So, we have an HTML document, but we want data, which means that we should parse the previous response into human-readable information.
Starting with baby steps, let’s extract the title of the website. A remarkable fact about Ruby is that everything is an object with very few exceptions, meaning that even a simple string can have attributes and methods.
Therefore, we can simply access the value of the website’s title through the attributes of the parsed_page object.
puts parsed_page.title
Moving forward, let’s extract all the links from the website. For this, we will use a more generic method that parses specific tags, the css method.
links = parsed_page.css('a')
links.map {|element| element["href"]}
puts links
We also use the map method to keep only the links with a href attribute from the HTML.
Let’s take a more realistic example. We need to extract the articles from the blog, their title, address, and meta description.

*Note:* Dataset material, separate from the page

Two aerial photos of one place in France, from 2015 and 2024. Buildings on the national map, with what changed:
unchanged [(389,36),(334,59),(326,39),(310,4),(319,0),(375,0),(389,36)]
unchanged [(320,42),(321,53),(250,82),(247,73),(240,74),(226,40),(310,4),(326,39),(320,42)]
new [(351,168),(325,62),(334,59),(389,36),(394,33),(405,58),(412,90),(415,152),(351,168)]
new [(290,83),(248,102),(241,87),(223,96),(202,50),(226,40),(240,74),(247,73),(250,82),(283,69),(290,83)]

If you inspect one of the article cards, you can see that we can get the address and the article’s title through the link’s attributes. Also, the meta description is under a <div> tag with a specific class name.

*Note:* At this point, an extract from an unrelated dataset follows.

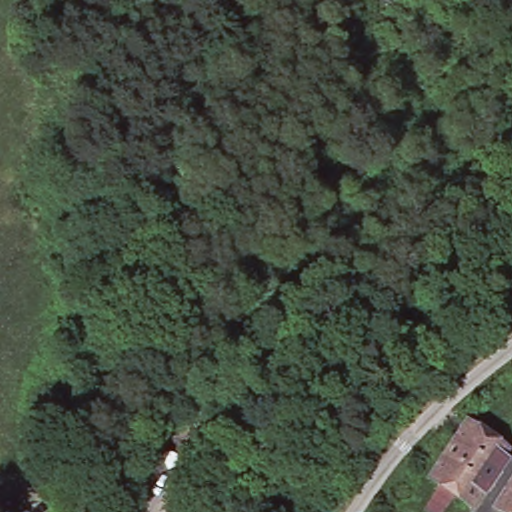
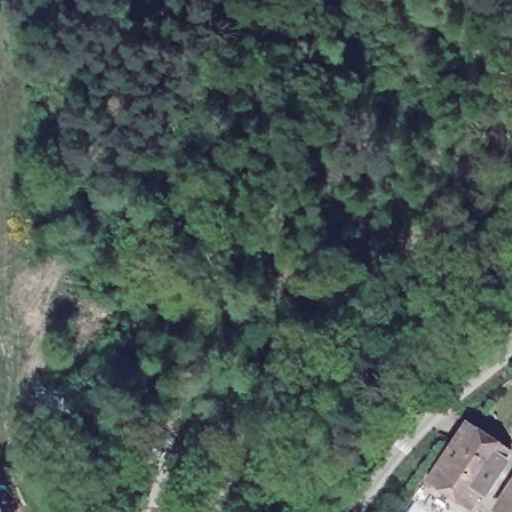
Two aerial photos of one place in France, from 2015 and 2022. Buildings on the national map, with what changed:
unchanged [(512,460),(489,497),(482,492),(470,512),(424,482),(466,420),(512,450),(512,460)]
unchanged [(512,479),(512,512),(491,512),(512,479)]

Of course, there are many ways to perform this search. The one we’ll use will consist of looking for all the <div> tags with the td_module_10 class name and then iterating through each one of them to extract the <a> tags and the inner <div> tags with the td-excerpt class name.
article_cards = parsed_page.xpath("//div[contains(@class, 'td_module_10')]")
article_cards.each do |card|
title = card.xpath("div[@class='td-module-thumb']/a/@title")
link = card.xpath("div[@class='td-module-thumb']/a/@href")
meta = card.xpath("div[@class='item-details']/div[@class='td-excerpt']")
end
Yes, as you may have already guessed, an XPath expression is what does the trick because we are looking for HTML elements by their class names and their ascendants.